Jim, the navigational “concert pianist,” started pressing buttons on the computer keyboard. He would sight a star in his telescope and tell the computer to align the spacecraft with it. The computer would then fire the thrusters to turn the capsule so that the chosen star was visible in Lovell’s sextant. Lovell got so into this that he had the capsule swinging this way and that as he made star sighting after star sighting.

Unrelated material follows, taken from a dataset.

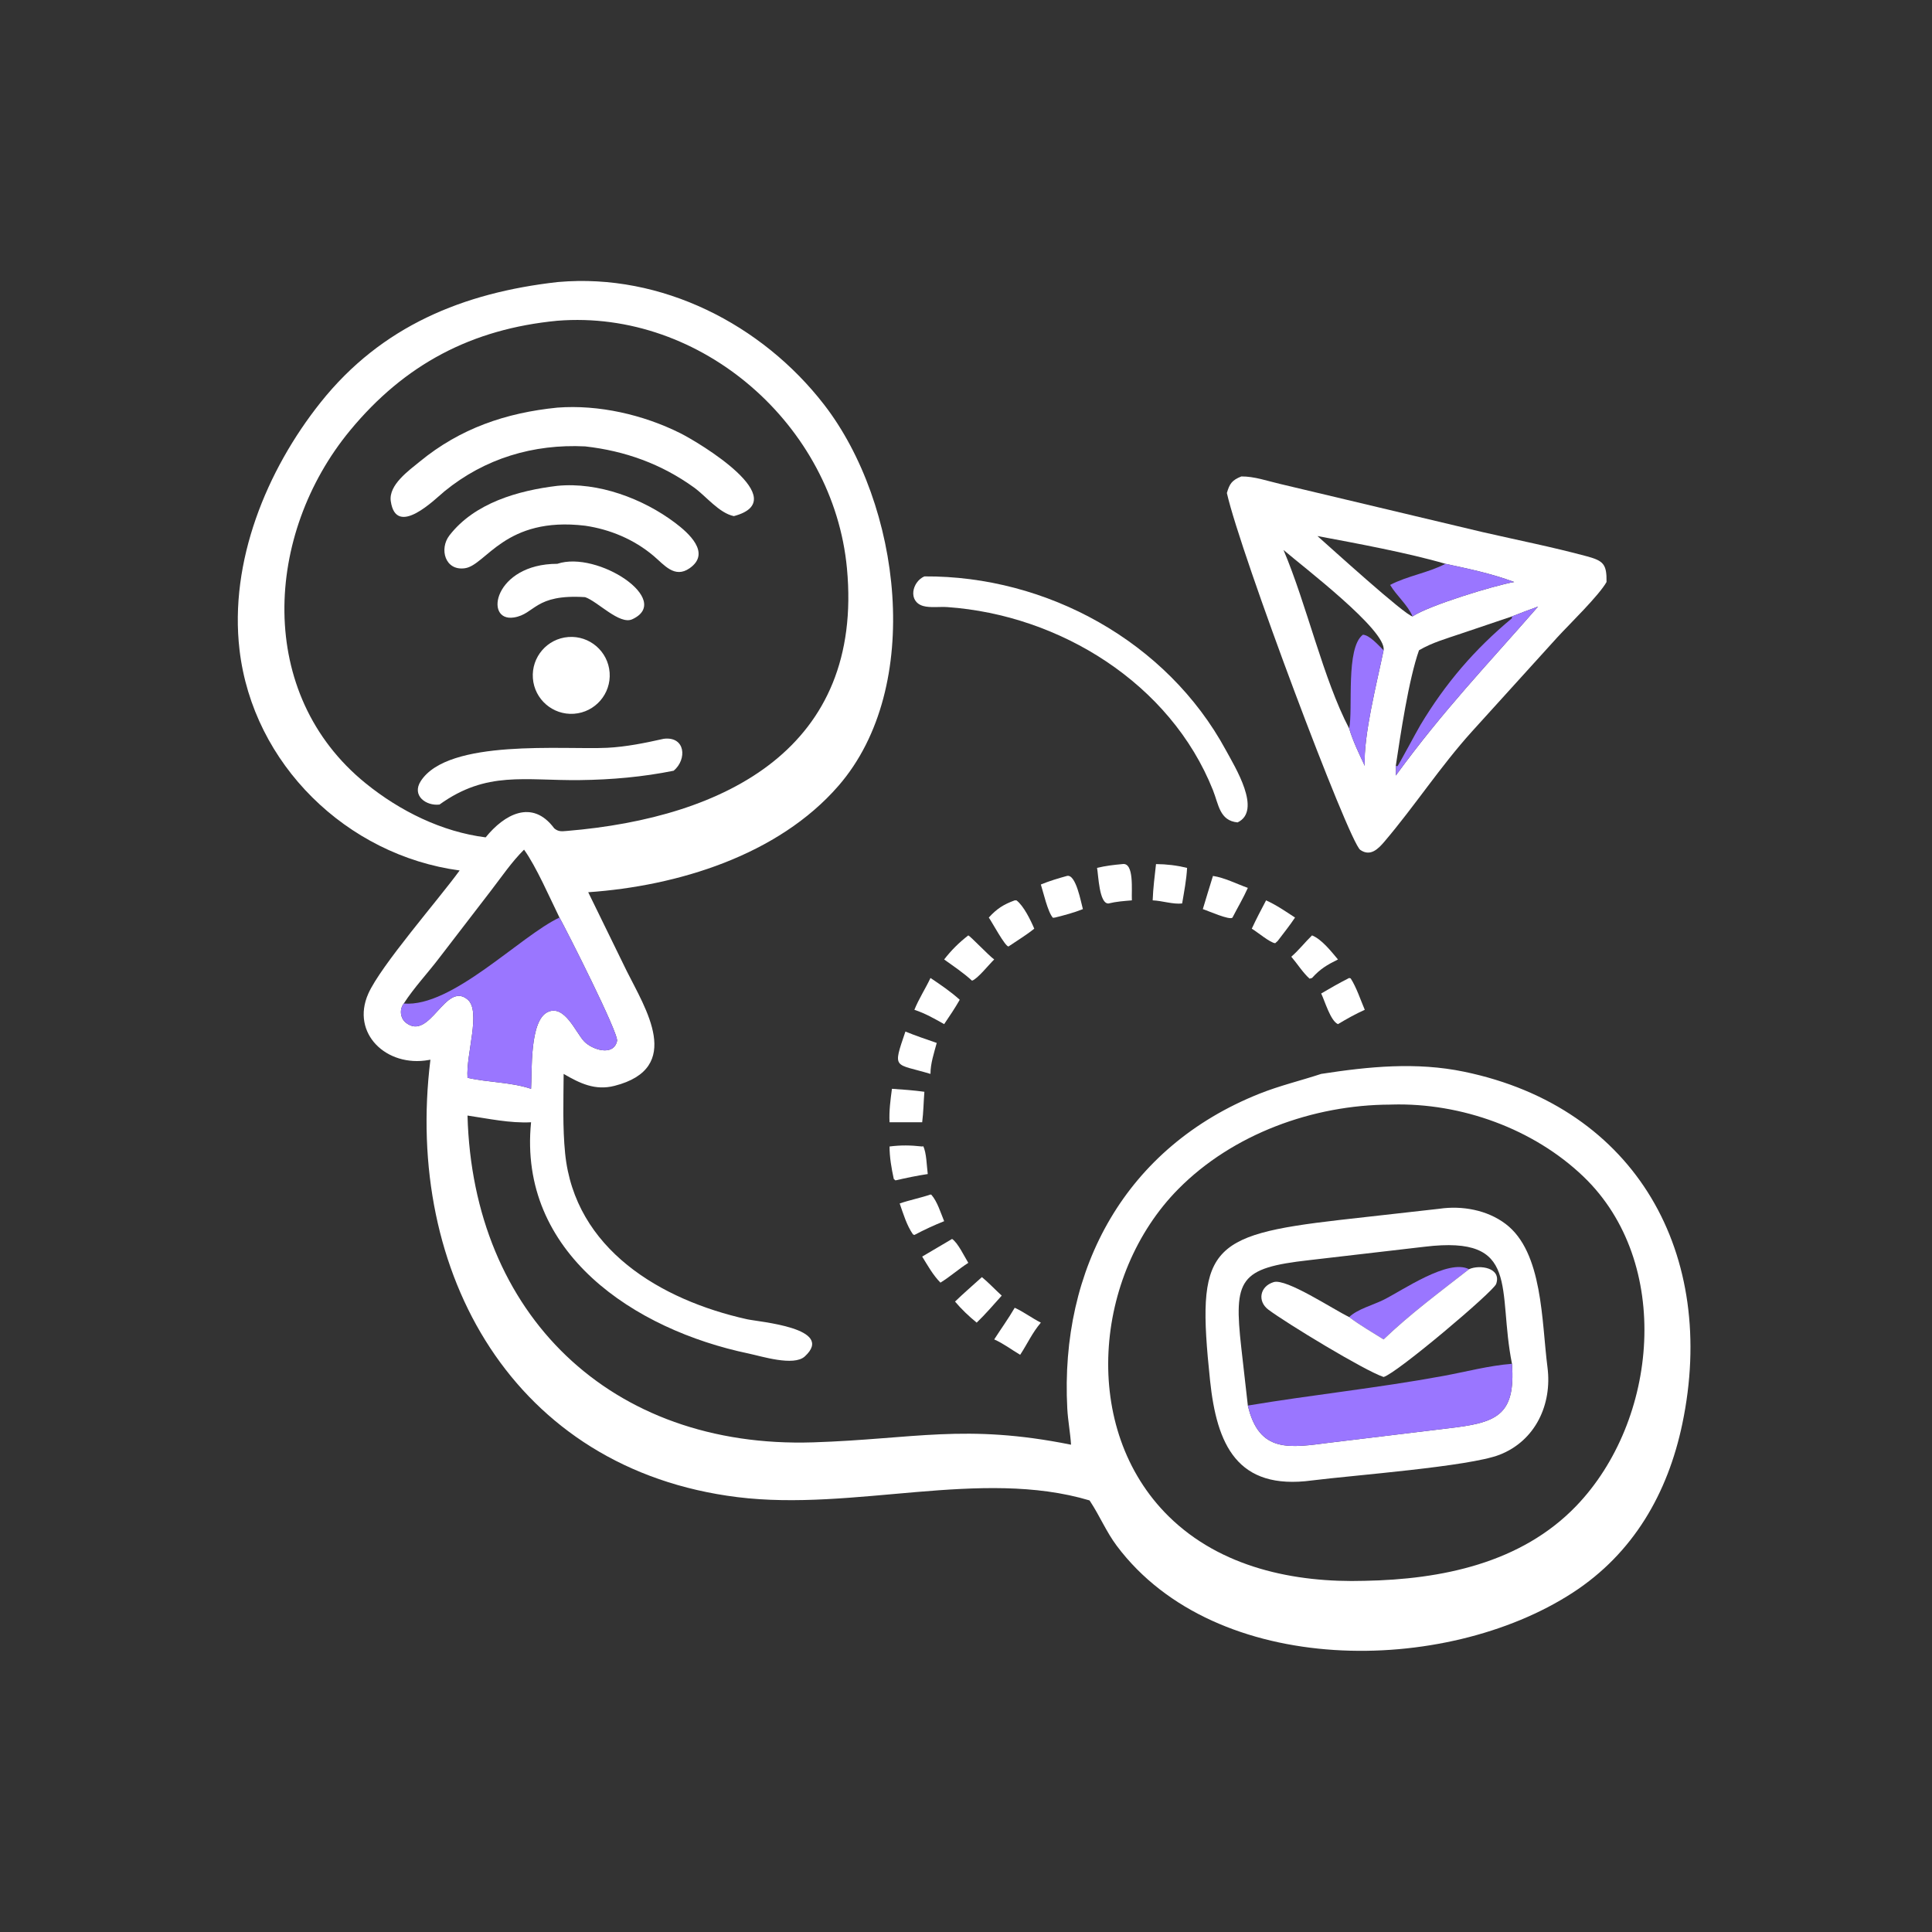<?xml version="1.0" encoding="UTF-8"?> <svg xmlns="http://www.w3.org/2000/svg" width="120" height="120" viewBox="0 0 120 120" fill="none"><rect x="0" y="0" width="120" height="120" fill="#333333" stroke="none"/><path d="M28.549 54.066C21.541 53.126 15.709 47.466 14.877 40.364C14.236 34.889 16.549 29.216 19.917 24.99C23.703 20.239 28.793 18.181 34.617 17.521L34.697 17.514C41.09 16.96 47.324 20.141 51.184 25.13C55.949 31.288 57.423 42.656 52.076 48.811C48.324 53.13 42.076 55.036 36.535 55.418L38.927 60.312C40.065 62.6 42.504 66.337 38.168 67.444C36.965 67.751 36.02 67.291 35.009 66.702C34.999 68.328 34.939 70.026 35.101 71.637C35.7 77.596 41.05 80.75 46.39 81.939C47.143 82.107 51.921 82.48 49.986 84.252C49.3 84.881 47.285 84.235 46.501 84.071C39.418 82.593 32.169 77.828 32.985 69.706C31.675 69.774 30.332 69.479 29.038 69.289C29.366 81.611 37.907 89.992 50.514 89.587C56.782 89.385 59.929 88.406 66.524 89.733C66.478 88.983 66.331 88.24 66.291 87.487C65.828 78.784 69.915 71.24 78.239 67.927C79.489 67.429 80.786 67.122 82.061 66.702C85.024 66.244 87.968 65.951 90.937 66.566C101.674 68.791 106.688 77.961 104.491 88.441C103.586 92.757 101.45 96.476 97.69 98.921C89.755 104.08 75.525 104.227 69.368 96.019C68.715 95.148 68.308 94.156 67.714 93.255L67.672 93.193C60.913 91.177 53.052 93.888 45.806 92.99C31.917 91.268 25.093 79.06 26.734 65.819L26.625 65.839C23.999 66.307 21.784 64.181 22.873 61.724C23.649 59.973 27.26 55.847 28.549 54.066ZM34.75 56.991C34.157 55.785 33.306 53.822 32.55 52.773C31.788 53.527 31.155 54.463 30.5 55.313L27.305 59.469C26.584 60.423 25.725 61.329 25.079 62.33C24.797 62.687 24.855 63.252 25.222 63.533C26.712 64.678 27.659 60.931 29.04 62.079C29.9 62.794 28.933 65.48 29.038 66.944C30.356 67.244 31.682 67.199 32.985 67.627C33.053 66.59 32.876 63.384 34.026 62.856C35.07 62.378 35.751 64.117 36.277 64.676C36.766 65.196 38.102 65.641 38.327 64.656C38.436 64.183 35.154 57.708 34.75 56.991ZM34.617 19.922C29.297 20.433 25.14 22.623 21.744 26.735C16.423 33.18 15.865 43.111 22.722 48.661C24.842 50.377 27.446 51.668 30.165 52.01C31.32 50.582 33.058 49.608 34.422 51.447C34.675 51.663 34.88 51.639 35.201 51.612C45.132 50.789 53.644 46.419 52.606 35.304C51.777 26.428 43.583 19.205 34.617 19.922ZM86.343 68.609C81.566 68.625 76.572 70.428 73.183 73.857C67.938 79.165 67.069 88.757 72.596 94.191C75.817 97.357 80.387 98.318 84.768 98.188C89.513 98.099 94.468 97.105 97.898 93.543C103.003 88.24 103.905 78.414 98.358 73.087C95.256 70.109 90.753 68.489 86.463 68.605L86.343 68.609Z" fill="white"></path><path d="M36.343 27.726C33.131 27.568 30.111 28.47 27.605 30.518C27.053 30.97 24.606 33.446 24.272 31.13C24.125 30.116 25.403 29.22 26.077 28.666C28.583 26.608 31.425 25.637 34.617 25.318C37.188 25.122 39.955 25.759 42.25 26.904C43.395 27.476 49.38 31.052 45.58 32.057C44.661 31.866 43.857 30.819 43.1 30.274C41.074 28.814 38.817 28.004 36.343 27.726Z" fill="white"></path><path d="M76.203 30.622C76.37 30.051 76.513 29.827 77.101 29.593C77.91 29.584 78.738 29.881 79.52 30.061L92.08 33.048C94.24 33.543 96.43 33.977 98.569 34.555C99.6 34.834 99.8 35.049 99.785 36.149C99.317 36.986 97.49 38.758 96.74 39.573L91.429 45.431C89.46 47.609 87.874 50.059 85.983 52.281C85.595 52.737 85.111 53.22 84.489 52.788C83.782 52.297 77.062 34.421 76.203 30.622ZM89.778 35.019C87.469 34.342 84.223 33.743 81.828 33.294C82.597 33.973 87.284 38.234 87.737 38.286C88.731 37.61 92.819 36.361 94.049 36.149C92.628 35.622 91.264 35.34 89.778 35.019ZM93.912 38.286L90.749 39.354C89.857 39.658 88.954 39.909 88.137 40.39C87.495 42.201 86.984 45.653 86.695 47.567C86.722 47.762 86.701 47.974 86.695 48.171C89.713 44.043 92.254 41.432 95.532 37.675C94.989 37.871 94.45 38.074 93.912 38.286ZM85.937 40.39C86.153 39.168 80.89 35.169 79.721 34.159C81.164 37.556 82.189 42.181 83.799 45.248C84.053 46.075 84.402 46.79 84.769 47.567C84.669 45.727 85.543 42.308 85.937 40.39Z" fill="white"></path><path d="M36.343 32.653C31.353 32.055 30.195 35.112 28.872 35.295C27.639 35.466 27.271 34.09 27.914 33.257C29.475 31.237 32.188 30.467 34.617 30.176C37.16 29.925 39.952 30.977 41.943 32.482C42.728 33.075 44.199 34.343 42.832 35.295C41.896 35.947 41.251 35.079 40.583 34.517C39.379 33.504 37.894 32.88 36.343 32.653Z" fill="white"></path><path d="M36.343 37.09C33.187 36.888 33.249 38.142 31.92 38.352C30.034 38.648 30.676 35.022 34.617 35.019C37.119 34.174 41.834 37.283 39.271 38.464C38.48 38.828 37.122 37.354 36.343 37.09Z" fill="white"></path><path d="M89.778 35.019C91.264 35.339 92.628 35.622 94.049 36.149C92.819 36.36 88.731 37.61 87.737 38.286C87.427 37.562 86.752 37.015 86.343 36.331C87.431 35.762 88.709 35.581 89.778 35.019Z" fill="#9A76FF"></path><path d="M76.869 51.081C75.751 50.976 75.696 49.975 75.338 49.076C72.698 42.451 65.833 38.196 58.837 37.707C58.382 37.675 57.772 37.762 57.344 37.64C56.38 37.364 56.645 36.138 57.415 35.801C65.009 35.752 72.483 39.844 76.139 46.59C76.714 47.651 78.398 50.352 76.869 51.081Z" fill="white"></path><path d="M93.912 38.286C94.45 38.074 94.989 37.871 95.532 37.675C92.254 41.432 89.712 44.043 86.695 48.171C86.701 47.974 86.722 47.762 86.695 47.567L86.8 47.589C86.875 47.516 87.997 45.412 88.228 45.027C89.771 42.456 91.579 40.338 93.904 38.405L93.912 38.286Z" fill="#9A76FF"></path><path d="M83.799 45.248C84.051 44.051 83.565 40.246 84.651 39.424C85.067 39.439 85.637 40.099 85.937 40.39C85.543 42.308 84.669 45.727 84.768 47.567C84.402 46.79 84.053 46.075 83.799 45.248Z" fill="#9A76FF"></path><path d="M35.653 44.333C34.338 44.427 33.195 43.439 33.098 42.125C33.002 40.81 33.988 39.665 35.302 39.566C36.62 39.467 37.768 40.456 37.865 41.774C37.962 43.092 36.971 44.238 35.653 44.333Z" fill="white"></path><path d="M27.299 49.972C26.465 50.073 25.555 49.415 26.134 48.516C27.843 45.866 35.018 46.58 37.713 46.447C38.889 46.389 40.078 46.145 41.225 45.888C42.577 45.721 42.687 47.166 41.843 47.871C39.929 48.258 37.982 48.429 36.031 48.453C32.578 48.496 30.235 47.861 27.299 49.972Z" fill="white"></path><path d="M68.14 53.906C68.668 53.778 69.172 53.719 69.712 53.67C70.465 53.544 70.269 55.335 70.303 55.923C69.801 55.965 69.338 55.996 68.847 56.117C68.269 56.136 68.226 54.349 68.14 53.906Z" fill="white"></path><path d="M71.595 55.923C71.621 55.169 71.719 54.419 71.802 53.67C72.465 53.674 73.088 53.751 73.732 53.906C73.694 54.647 73.547 55.386 73.425 56.116C72.861 56.181 72.181 55.945 71.595 55.923Z" fill="white"></path><path d="M64.649 54.938C65.179 54.72 65.719 54.558 66.27 54.406C66.83 54.267 67.146 56.069 67.26 56.467C66.699 56.69 66.112 56.847 65.527 56.991L65.398 57.005C65.077 56.648 64.807 55.432 64.649 54.938Z" fill="white"></path><path d="M74.71 56.467C74.912 55.778 75.129 55.093 75.339 54.406C76.047 54.509 76.823 54.905 77.506 55.148C77.228 55.771 76.864 56.383 76.552 56.991C76.4 57.186 74.97 56.544 74.71 56.467Z" fill="white"></path><path d="M61.416 56.991C61.912 56.444 62.336 56.173 63.026 55.923L63.135 55.923C63.578 56.253 64.025 57.17 64.24 57.682C63.748 58.08 63.168 58.426 62.644 58.784C62.452 58.834 61.592 57.23 61.416 56.991Z" fill="white"></path><path d="M77.75 57.682C78.028 57.085 78.33 56.504 78.639 55.923C79.275 56.21 79.854 56.611 80.437 56.991C80.105 57.491 79.721 57.966 79.36 58.445L79.206 58.583C78.901 58.567 78.076 57.872 77.75 57.682Z" fill="white"></path><path d="M25.079 62.33C28.071 62.591 32.314 58.131 34.75 56.991C35.154 57.709 38.436 64.184 38.327 64.657C38.102 65.642 36.766 65.196 36.277 64.677C35.751 64.117 35.071 62.379 34.027 62.857C32.876 63.384 33.053 66.59 32.985 67.627C31.682 67.2 30.357 67.244 29.039 66.945C28.933 65.48 29.9 62.795 29.04 62.08C27.66 60.932 26.712 64.678 25.222 63.533C24.855 63.252 24.797 62.687 25.079 62.33Z" fill="#9A76FF"></path><path d="M80.204 59.423C80.666 59.028 81.052 58.525 81.493 58.099C82.099 58.342 82.689 59.102 83.104 59.594C82.427 59.93 82.005 60.175 81.493 60.744L81.341 60.787C80.933 60.427 80.569 59.846 80.204 59.423Z" fill="white"></path><path d="M58.643 59.594C59.1 59.008 59.555 58.555 60.143 58.099C60.266 58.143 61.432 59.369 61.752 59.594C61.444 59.884 60.705 60.821 60.373 60.911C59.844 60.425 59.226 60.013 58.643 59.594Z" fill="white"></path><path d="M82.061 61.708C82.633 61.369 83.206 61.045 83.799 60.744L83.894 60.771C84.258 61.338 84.501 62.096 84.769 62.721C84.191 62.979 83.646 63.286 83.104 63.611C82.637 63.409 82.289 62.174 82.061 61.708Z" fill="white"></path><path d="M56.794 62.721C57.068 62.039 57.48 61.411 57.794 60.744C58.41 61.156 59.064 61.6 59.611 62.098C59.312 62.62 58.981 63.114 58.643 63.611C58.039 63.27 57.455 62.936 56.794 62.721Z" fill="white"></path><path d="M57.794 66.702C55.535 66.025 55.425 66.457 56.237 64.071C56.874 64.334 57.532 64.551 58.182 64.779C58.017 65.395 57.79 66.062 57.794 66.702Z" fill="white"></path><path d="M55.251 69.706C55.216 68.993 55.307 68.331 55.4 67.627C56.075 67.671 56.744 67.721 57.415 67.812C57.364 68.443 57.359 69.078 57.278 69.706H55.251Z" fill="white"></path><path d="M55.251 71.211C55.96 71.12 56.566 71.131 57.278 71.211L57.343 71.193C57.55 71.596 57.56 72.451 57.625 72.922C56.948 73.023 56.286 73.163 55.619 73.316L55.515 73.23C55.373 72.575 55.251 71.883 55.251 71.211Z" fill="white"></path><path d="M55.881 74.75C56.508 74.534 57.164 74.409 57.794 74.194L57.847 74.206C58.216 74.622 58.429 75.334 58.643 75.85C58.006 76.104 57.399 76.386 56.794 76.706L56.706 76.67C56.309 76.092 56.111 75.406 55.881 74.75Z" fill="white"></path><path d="M81.493 91.953C76.827 92.583 75.576 89.719 75.158 85.738C74.299 77.543 74.986 76.723 83.211 75.774L89.403 75.078C90.816 74.872 92.37 75.152 93.519 76.022C95.836 77.777 95.746 82.054 96.117 84.926C96.415 87.227 95.368 89.492 93.137 90.359C91.247 91.093 84.088 91.627 81.493 91.953ZM93.912 84.708C92.982 80.066 94.498 76.714 88.494 77.436L81.318 78.27C76.968 78.756 76.622 79.45 77.098 83.703L77.506 87.302C78.207 90.282 80.094 89.928 82.631 89.602L89.965 88.715C92.908 88.369 94.148 87.968 93.912 84.708Z" fill="white"></path><path d="M57.278 78.048L59.136 76.953C59.501 77.195 59.9 78.047 60.143 78.438C59.546 78.82 59.018 79.294 58.413 79.667C57.958 79.21 57.615 78.595 57.278 78.048Z" fill="white"></path><path d="M83.799 81.805C84.316 81.31 85.267 81.064 85.913 80.745C87.12 80.151 89.938 78.165 91.245 78.832C89.435 80.247 87.599 81.602 85.937 83.194C85.225 82.743 84.468 82.314 83.799 81.805Z" fill="#9A76FF"></path><path d="M91.245 78.832C91.901 78.533 93.282 78.74 92.929 79.749C92.764 80.22 86.733 85.319 85.937 85.527C84.752 85.134 79.898 82.182 78.78 81.344C78.089 80.825 78.244 79.896 79.113 79.633C79.901 79.395 82.785 81.314 83.799 81.805C84.468 82.314 85.226 82.743 85.937 83.194C87.599 81.602 89.435 80.247 91.245 78.832Z" fill="white"></path><path d="M59.318 80.843C59.859 80.322 60.432 79.828 60.988 79.324C61.408 79.671 61.813 80.102 62.219 80.474C61.71 81.041 61.213 81.623 60.664 82.151C60.178 81.756 59.722 81.321 59.318 80.843Z" fill="white"></path><path d="M61.752 83.194C62.176 82.537 62.632 81.903 63.026 81.227C63.58 81.48 64.097 81.874 64.65 82.151C64.104 82.796 63.817 83.461 63.364 84.15C62.825 83.829 62.328 83.448 61.752 83.194Z" fill="white"></path><path d="M77.506 87.302C81.533 86.629 85.543 86.217 89.632 85.465C91.046 85.205 92.479 84.819 93.912 84.708C94.148 87.968 92.908 88.369 89.965 88.715L82.631 89.602C80.094 89.928 78.206 90.282 77.506 87.302Z" fill="#9A76FF"></path></svg>

Suddenly Jim went “Whoa, whoa, whoa.”
Mike Collins heard this and wondered what was going on. “Okay. Whoa, whoa. Standing by.”
Lovell had accidently erased the navigational data from the computer. The inertial measuring unit, which Borman had insisted they leave on for the entire trip so that a manual realignment would not be necessary, no longer knew which way was up, and thought the spacecraft was instead back on launchpad 39A on Cape Kennedy. The computer, sensing that Apollo 8 was not oriented correctly, began firing thrusters. Anders, watching the systems, became alarmed as he saw the eight ball move more than he thought it should. The spacecraft was shifting drastically into a different position. He remembered Neil Armstrong’s struggle to regain control of Gemini 8 when its thrusters had suddenly fired uncontrollably, and now wondered if this was happening to them. Anders fired a thruster to counteract.